What a country! I don't think they knew I was there to work, hard.
But what the hell.
Aunt
Bea was the eldest of the five Chertak sisters, “Litvaks” my
father claimed, an industrious group full of hopes, I imagine. Bea
had become a Philadelphia socialite. Mysteriously to me, she would
arrive at our house in her Buick driven by a uniformed chauffeur from
her luxurious house (at least luxurious to me) on the Main Line. But
grand and blond as her entrance might have been, what arrived to the
four of us kids was the warmth she exuded from her corpulent body and
outstretched arms. With no children of her own, we were as close as
she was going to get. How she had arrived at her chauffeur-driven
status we couldn't guess, nor how she had become a socialite, which
had included her membership on the board of the Robin Hood Dell, the
outside summer setting for the Philadelphia Orchestra. Later on she
moved into town at the Rittenhouse Plaza with her likewise childless
sister Sadye. We visited them often; they noted affectionately how
we liked to eat the nuts which they had on a silver platter on a
coffee table, beside a slim silver bowl with a few cigarettes. As an
awkward teenager with a photography hobby, I took pictures of Sadye's
late in life second wedding at their apartment. I developed them and
enlarged them myself, and some of those pictures were on constant
private display under the thick glass table tops of their bedroom
bureaus. They were still there when Sadye died and all the
grandnephews and nieces reviewed the remaining contents of their
lives.
My
father complained that other husbands only had one mother in law but
he had five – our holiday dinners included my grandmothers, Sadye
and Bea, sometimes Dorothy and Bill from New York, and sometimes
others. A big crowd in a small suburban development home. My Dad
resented how many relatives there were on his wife's side – I don't
think he thought that they sufficiently respected his rightful status
as king, or maybe he just felt like an outsider with only his mother
representing his side – and he seemed to resent especially Bea's
pretensions, but we loved her warmth. We loved the family playing 21
(Blackjack) after the table had been cleared, with the kids
“helping,” and Uncle Bill going “bank-o!” with his bet, and
everyone saying “Oohhhh!” at his wild sally. When I was in high
school we had a nickname for Bea, I think initiated by my friend Ed
Packel - “Wide Zorch.” Even though it was mildly derisive, she
loved it. When she would arrive at our house, she would say, “What
is it you call me?” We would giggle, “Wide Zorch!” She would
say with her widest smile, “I'll Zorch you!” I can't help smile
with tears in my eyes, verily as I write this. Aunt Bea, what a
character.
Aunt
Sadye would reminisce about the 1920's. “They were wonderful,”
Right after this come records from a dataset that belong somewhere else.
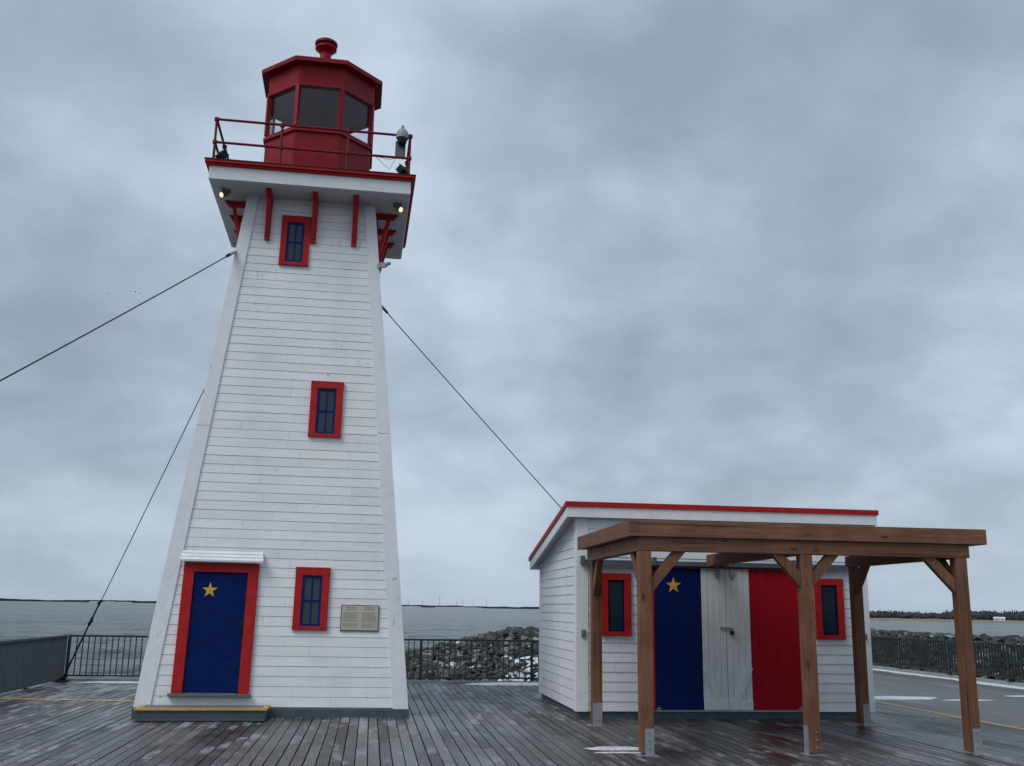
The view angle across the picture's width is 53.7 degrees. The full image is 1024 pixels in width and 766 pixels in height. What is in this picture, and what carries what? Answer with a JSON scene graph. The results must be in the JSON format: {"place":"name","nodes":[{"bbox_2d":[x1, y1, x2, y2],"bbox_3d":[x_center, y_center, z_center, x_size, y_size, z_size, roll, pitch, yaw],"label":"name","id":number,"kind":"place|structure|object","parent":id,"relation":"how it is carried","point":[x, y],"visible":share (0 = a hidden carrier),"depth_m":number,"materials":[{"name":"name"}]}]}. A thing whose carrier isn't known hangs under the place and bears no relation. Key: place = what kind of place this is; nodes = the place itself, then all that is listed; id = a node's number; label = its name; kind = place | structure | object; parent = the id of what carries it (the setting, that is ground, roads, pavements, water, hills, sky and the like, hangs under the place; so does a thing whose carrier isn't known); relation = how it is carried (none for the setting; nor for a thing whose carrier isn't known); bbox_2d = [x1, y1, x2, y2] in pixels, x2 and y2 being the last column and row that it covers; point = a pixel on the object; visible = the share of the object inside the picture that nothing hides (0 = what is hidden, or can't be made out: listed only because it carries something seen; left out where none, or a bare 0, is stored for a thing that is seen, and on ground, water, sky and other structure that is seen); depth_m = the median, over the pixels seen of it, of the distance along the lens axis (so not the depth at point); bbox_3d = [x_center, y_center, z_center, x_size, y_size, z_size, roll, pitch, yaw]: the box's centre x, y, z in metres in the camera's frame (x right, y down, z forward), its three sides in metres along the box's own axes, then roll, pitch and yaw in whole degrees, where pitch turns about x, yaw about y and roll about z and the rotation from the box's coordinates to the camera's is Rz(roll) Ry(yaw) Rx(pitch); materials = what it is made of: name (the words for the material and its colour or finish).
{"place":"outdoors","nodes":[
{"label":"outdoors","id":0,"kind":"place"},
{"bbox_2d":[90,601,476,607],"bbox_3d":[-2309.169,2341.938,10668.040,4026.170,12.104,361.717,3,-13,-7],"label":"snowy beach","id":1,"kind":"structure","parent":0,"point":[402,606],"depth_m":10978.98,"materials":[{"name":"white snow"}]},
{"bbox_2d":[295,719,427,765],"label":"pier base","id":2,"kind":"object","parent":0,"point":[367,743],"depth_m":13.07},
{"bbox_2d":[0,681,1023,765],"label":"deck boards","id":3,"kind":"object","parent":2,"relation":"on","point":[454,724],"visible":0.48,"depth_m":13.62,"materials":[{"name":"grey wood"}]},
{"bbox_2d":[0,635,67,693],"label":"railing","id":4,"kind":"object","parent":3,"relation":"on","point":[26,663],"visible":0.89,"depth_m":20.09,"materials":[{"name":"grey metal"}]},
{"bbox_2d":[0,698,133,701],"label":"painted line","id":5,"kind":"object","parent":3,"relation":"on","point":[63,699],"visible":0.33,"depth_m":17.86,"materials":[{"name":"paint"}]},
{"bbox_2d":[71,681,138,682],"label":"snow","id":6,"kind":"structure","parent":3,"relation":"on","point":[108,682],"depth_m":21.78,"materials":[{"name":"white snow"}]},
{"bbox_2d":[133,705,270,720],"bbox_3d":[-4.633,4.956,15.181,1.910,0.182,0.650,3,-13,-8],"label":"doorstep","id":7,"kind":"object","parent":3,"relation":"on","point":[201,712],"visible":1,"depth_m":14.93,"materials":[{"name":"grey paint"}]},
{"bbox_2d":[131,37,415,718],"bbox_3d":[-3.886,-0.640,19.042,4.204,12.860,4.252,3,-13,-8],"label":"lighthouse","id":8,"kind":"object","parent":3,"relation":"on","point":[283,546],"visible":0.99,"depth_m":17.05,"materials":[{"name":"white paint"}]},
{"bbox_2d":[0,251,236,381],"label":"guy wire","id":9,"kind":"object","parent":8,"relation":"attached to","point":[230,253],"visible":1,"depth_m":14.18,"materials":[{"name":"metal"}]},
{"bbox_2d":[52,390,203,681],"bbox_3d":[-7.598,2.393,21.304,5.740,7.792,0.360,-8,-15,35],"label":"guy wire","id":10,"kind":"object","parent":8,"relation":"attached to","point":[63,679],"visible":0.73,"depth_m":21.63,"materials":[{"name":"metal"}]},
{"bbox_2d":[182,572,247,692],"bbox_3d":[-4.663,3.918,15.921,0.837,1.841,0.236,3,-13,-8],"label":"door","id":11,"kind":"structure","parent":8,"relation":"in","point":[216,622],"depth_m":15.90,"materials":[{"name":"blue paint"}]},
{"bbox_2d":[215,149,228,158],"bbox_3d":[-5.185,-4.015,18.045,0.200,0.315,0.203,-10,-17,40],"label":"floodlight","id":12,"kind":"object","parent":8,"relation":"on","point":[223,154],"visible":0.66,"depth_m":18.00,"materials":[{"name":"black plastic"}]},
{"bbox_2d":[219,189,230,197],"bbox_3d":[-5.133,-3.378,18.060,0.191,0.180,0.170,3,-13,-8],"label":"soffit lamp","id":13,"kind":"object","parent":8,"relation":"attached to","point":[224,193],"visible":1,"depth_m":18.05,"materials":[{"name":"grey plastic"}]},
{"bbox_2d":[278,215,311,266],"bbox_3d":[-3.906,-2.565,18.198,0.520,0.977,0.146,3,-13,-8],"label":"window","id":14,"kind":"structure","parent":8,"relation":"in","point":[295,230],"depth_m":18.19,"materials":[{"name":"red paint"}]},
{"bbox_2d":[292,567,330,630],"bbox_3d":[-3.231,3.470,16.276,0.555,0.994,0.148,3,-13,-8],"label":"window","id":15,"kind":"structure","parent":8,"relation":"in","point":[311,594],"depth_m":16.27,"materials":[{"name":"red paint"}]},
{"bbox_2d":[308,380,343,437],"bbox_3d":[-3.183,0.447,17.302,0.558,0.993,0.148,3,-13,-8],"label":"window","id":16,"kind":"structure","parent":8,"relation":"in","point":[326,399],"depth_m":17.30,"materials":[{"name":"red paint"}]},
{"bbox_2d":[340,605,378,631],"bbox_3d":[-2.459,3.796,16.317,0.610,0.413,0.080,3,-13,-8],"label":"information plaque","id":17,"kind":"object","parent":8,"relation":"attached to","point":[359,617],"visible":1,"depth_m":16.30,"materials":[{"name":"beige metal"}]},
{"bbox_2d":[376,125,408,168],"bbox_3d":[-2.181,-4.293,18.358,0.584,0.855,0.248,3,-13,-8],"label":"security camera","id":18,"kind":"object","parent":8,"relation":"attached to","point":[402,136],"visible":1,"depth_m":18.37,"materials":[{"name":"grey plastic"}]},
{"bbox_2d":[393,203,402,212],"bbox_3d":[-2.090,-3.205,18.544,0.191,0.180,0.170,3,-13,-8],"label":"soffit lamp","id":19,"kind":"object","parent":8,"relation":"attached to","point":[398,207],"visible":1,"depth_m":18.52,"materials":[{"name":"grey plastic"}]},
{"bbox_2d":[395,163,406,173],"bbox_3d":[-2.007,-3.842,18.509,0.202,0.315,0.200,-7,-15,30],"label":"floodlight","id":20,"kind":"object","parent":8,"relation":"on","point":[400,168],"visible":0.51,"depth_m":18.46,"materials":[{"name":"black plastic"}]},
{"bbox_2d":[382,305,560,507],"bbox_3d":[1.138,2.765,22.548,9.674,7.881,0.301,9,-15,-31],"label":"guy wire","id":21,"kind":"object","parent":8,"relation":"attached to","point":[384,309],"visible":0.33,"depth_m":21.54,"materials":[{"name":"metal"}]},
{"bbox_2d":[65,635,538,680],"bbox_3d":[-2.114,6.426,23.402,15.760,0.980,0.140,3,-13,-7],"label":"railing","id":22,"kind":"object","parent":3,"relation":"on","point":[531,678],"visible":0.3,"depth_m":23.41,"materials":[{"name":"metal"}]},
{"bbox_2d":[467,682,538,685],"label":"snow","id":23,"kind":"structure","parent":3,"relation":"on","point":[519,683],"depth_m":22.88,"materials":[{"name":"white snow"}]},
{"bbox_2d":[66,665,1023,686],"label":"kerb","id":24,"kind":"structure","parent":3,"relation":"on","point":[874,666],"depth_m":23.53,"materials":[{"name":"concrete"}]},
{"bbox_2d":[871,636,1023,681],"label":"railing","id":25,"kind":"object","parent":24,"relation":"on","point":[890,653],"visible":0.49,"depth_m":28.69,"materials":[{"name":"metal"}]},
{"bbox_2d":[584,746,638,749],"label":"snow","id":26,"kind":"structure","parent":3,"relation":"on","point":[614,748],"depth_m":12.60,"materials":[{"name":"white snow"}]},
{"bbox_2d":[595,752,640,752],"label":"snow","id":27,"kind":"structure","parent":3,"relation":"on","point":[617,752],"depth_m":12.28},
{"bbox_2d":[528,501,878,719],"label":"shed","id":28,"kind":"structure","parent":3,"relation":"on","point":[726,641],"depth_m":16.67,"materials":[{"name":"white paint"}]},
{"bbox_2d":[602,573,631,635],"bbox_3d":[1.699,3.611,16.481,0.506,1.002,0.045,3,-13,-7],"label":"window","id":29,"kind":"structure","parent":28,"relation":"in","point":[616,587],"depth_m":16.48,"materials":[{"name":"red paint"}]},
{"bbox_2d":[654,568,703,709],"bbox_3d":[2.717,4.161,16.492,0.788,2.240,0.054,3,-13,-7],"label":"door","id":30,"kind":"structure","parent":28,"relation":"in","point":[677,598],"depth_m":16.47,"materials":[{"name":"blue paint"}]},
{"bbox_2d":[700,567,728,709],"bbox_3d":[3.311,4.156,16.566,0.421,2.300,0.066,3,-13,-7],"label":"door","id":31,"kind":"structure","parent":28,"relation":"in","point":[713,611],"depth_m":16.55,"materials":[{"name":"white wood"}]},
{"bbox_2d":[720,567,753,709],"bbox_3d":[3.681,4.172,16.609,0.536,2.300,0.076,3,-13,-7],"label":"door","id":32,"kind":"structure","parent":28,"relation":"in","point":[738,634],"depth_m":16.60,"materials":[{"name":"white wood"}]},
{"bbox_2d":[748,570,802,709],"bbox_3d":[4.360,4.234,16.705,0.856,2.240,0.054,3,-13,-7],"label":"door","id":33,"kind":"structure","parent":28,"relation":"in","point":[773,596],"depth_m":16.68,"materials":[{"name":"red paint"}]},
{"bbox_2d":[814,579,845,639],"bbox_3d":[5.328,3.790,16.948,0.516,0.998,0.045,3,-13,-7],"label":"window","id":34,"kind":"structure","parent":28,"relation":"in","point":[828,593],"depth_m":16.94,"materials":[{"name":"red paint"}]},
{"bbox_2d":[577,520,992,755],"bbox_3d":[3.567,3.591,14.488,4.798,2.805,3.795,3,-13,-7],"label":"pergola","id":35,"kind":"object","parent":3,"relation":"on","point":[862,549],"visible":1,"depth_m":12.93,"materials":[{"name":"wood"}]},
{"bbox_2d":[0,598,940,613],"bbox_3d":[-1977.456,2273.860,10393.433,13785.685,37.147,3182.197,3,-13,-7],"label":"shore","id":36,"kind":"structure","parent":0,"point":[428,606],"depth_m":10578.84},
{"bbox_2d":[0,609,1023,678],"bbox_3d":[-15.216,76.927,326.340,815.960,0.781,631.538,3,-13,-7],"label":"sea","id":37,"kind":"structure","parent":0,"point":[22,623],"depth_m":204.69,"materials":[{"name":"grey liquid"}]},
{"bbox_2d":[0,0,1023,613],"label":"sky","id":38,"kind":"structure","parent":0,"point":[754,253],"materials":[{"name":"grey"}]},
{"bbox_2d":[434,644,1014,681],"bbox_3d":[3.520,11.686,38.841,30.000,4.406,30.000,3,-13,-7],"label":"rock bank","id":39,"kind":"object","parent":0,"point":[876,656],"depth_m":28.67,"materials":[{"name":"stone"}]},
{"bbox_2d":[411,654,419,658],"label":"boulder","id":40,"kind":"object","parent":39,"relation":"on","point":[415,656],"visible":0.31,"depth_m":27.81,"materials":[{"name":"stone"}]},
{"bbox_2d":[422,672,434,679],"bbox_3d":[-2.126,7.591,25.906,0.199,0.345,0.501,-18,-22,42],"label":"boulder","id":41,"kind":"object","parent":39,"relation":"on","point":[429,674],"visible":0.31,"depth_m":25.82,"materials":[{"name":"stone"}]},
{"bbox_2d":[452,671,460,679],"bbox_3d":[-1.472,7.521,25.877,0.309,0.273,0.240,-3,-13,15],"label":"boulder","id":42,"kind":"object","parent":39,"relation":"on","point":[457,673],"visible":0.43,"depth_m":25.80,"materials":[{"name":"stone"}]},
{"bbox_2d":[459,646,470,654],"bbox_3d":[-1.297,7.433,27.917,0.366,0.311,0.372,1,-13,0],"label":"boulder","id":43,"kind":"object","parent":39,"relation":"on","point":[463,649],"visible":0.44,"depth_m":27.78,"materials":[{"name":"stone"}]},
{"bbox_2d":[461,661,470,666],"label":"boulder","id":44,"kind":"object","parent":39,"relation":"on","point":[467,663],"visible":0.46,"depth_m":26.71,"materials":[{"name":"stone"}]},
{"bbox_2d":[405,642,537,680],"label":"boulders","id":45,"kind":"object","parent":39,"relation":"on","point":[505,676],"visible":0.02,"depth_m":25.76,"materials":[{"name":"stone"}]},
{"bbox_2d":[479,654,490,660],"bbox_3d":[-0.720,7.401,27.092,0.337,0.269,0.299,-1,-13,10],"label":"boulder","id":46,"kind":"object","parent":39,"relation":"on","point":[484,656],"visible":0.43,"depth_m":27.00,"materials":[{"name":"stone"}]},
{"bbox_2d":[496,630,505,635],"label":"boulder","id":47,"kind":"object","parent":39,"relation":"on","point":[498,632],"visible":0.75,"depth_m":28.94,"materials":[{"name":"stone"}]},
{"bbox_2d":[500,656,512,663],"bbox_3d":[-0.133,7.367,26.663,0.402,0.340,0.339,7,-14,-24],"label":"boulder","id":48,"kind":"object","parent":39,"relation":"on","point":[506,659],"visible":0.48,"depth_m":26.62,"materials":[{"name":"stone"}]},
{"bbox_2d":[515,648,524,654],"bbox_3d":[0.232,7.331,27.347,0.379,0.304,0.284,-2,-32,14],"label":"boulder","id":49,"kind":"object","parent":39,"relation":"on","point":[521,651],"visible":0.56,"depth_m":27.27,"materials":[{"name":"stone"}]},
{"bbox_2d":[518,656,529,664],"bbox_3d":[0.362,7.393,26.706,0.482,0.350,0.221,1,-16,-1],"label":"boulder","id":50,"kind":"object","parent":39,"relation":"on","point":[522,659],"visible":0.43,"depth_m":26.67,"materials":[{"name":"stone"}]},
{"bbox_2d":[523,670,533,675],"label":"boulder","id":51,"kind":"object","parent":39,"relation":"on","point":[527,672],"visible":0.35,"depth_m":25.57,"materials":[{"name":"stone"}]},
{"bbox_2d":[525,667,537,673],"bbox_3d":[0.557,7.461,25.921,0.541,0.315,0.195,0,-41,4],"label":"boulder","id":52,"kind":"object","parent":39,"relation":"on","point":[535,669],"visible":0.23,"depth_m":25.91,"materials":[{"name":"stone"}]},
{"bbox_2d":[405,626,1023,682],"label":"boulders","id":53,"kind":"object","parent":39,"relation":"on","point":[517,632],"visible":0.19,"depth_m":28.27,"materials":[{"name":"stone"}]},
{"bbox_2d":[870,618,1023,622],"bbox_3d":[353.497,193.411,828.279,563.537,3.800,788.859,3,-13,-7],"label":"grassy shore","id":54,"kind":"structure","parent":0,"point":[944,620],"depth_m":760.15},
{"bbox_2d":[869,609,1023,619],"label":"forest","id":55,"kind":"object","parent":54,"relation":"on","point":[989,615],"visible":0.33,"depth_m":792.17,"materials":[{"name":"green plant"}]},
{"bbox_2d":[993,617,1005,620],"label":"house","id":56,"kind":"structure","parent":54,"relation":"on","point":[999,618],"depth_m":714.17,"materials":[{"name":"white wood"}]},
{"bbox_2d":[873,670,1023,727],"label":"asphalt road","id":57,"kind":"structure","parent":0,"point":[1004,708],"depth_m":21.98,"materials":[{"name":"grey asphalt"}]},
{"bbox_2d":[874,696,935,699],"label":"snow","id":58,"kind":"structure","parent":57,"relation":"on","point":[896,697],"depth_m":20.95,"materials":[{"name":"white snow"}]},
{"bbox_2d":[873,668,1023,688],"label":"snow","id":59,"kind":"structure","parent":57,"relation":"on","point":[1000,685],"depth_m":27.70,"materials":[{"name":"white snow"}]},
{"bbox_2d":[875,701,1023,729],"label":"painted edge line","id":60,"kind":"object","parent":57,"relation":"on","point":[950,715],"depth_m":17.66,"materials":[{"name":"paint"}]},
{"bbox_2d":[951,699,994,700],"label":"snow","id":61,"kind":"structure","parent":57,"relation":"on","point":[978,700],"depth_m":20.90,"materials":[{"name":"white snow"}]}
]}

and she'd shake her head a little at past enchantments. It might
have been something like our 1970's. In the 20's Bea and Sadye would
spend summers together in Paris every year. I have a couple of
menus, one inscribed to Bea from “The Major,” whoever he was. I
framed it and put it on our wall. Bea's French pretty much stopped
with “Comment รงa
va,” I think. But when she said it, it was with brio. The
memories.
We
never heard that much about their history, at least I didn't, but I
heard some from my sisters, who probably heard it from my mother in
girl-to-girl talk. Turns out that Bea had gone to work as the
secretary of the owner of a big Philadelphia department store, House
of Wenger. Before you knew it, Mrs. Wenger was out and Bea was in.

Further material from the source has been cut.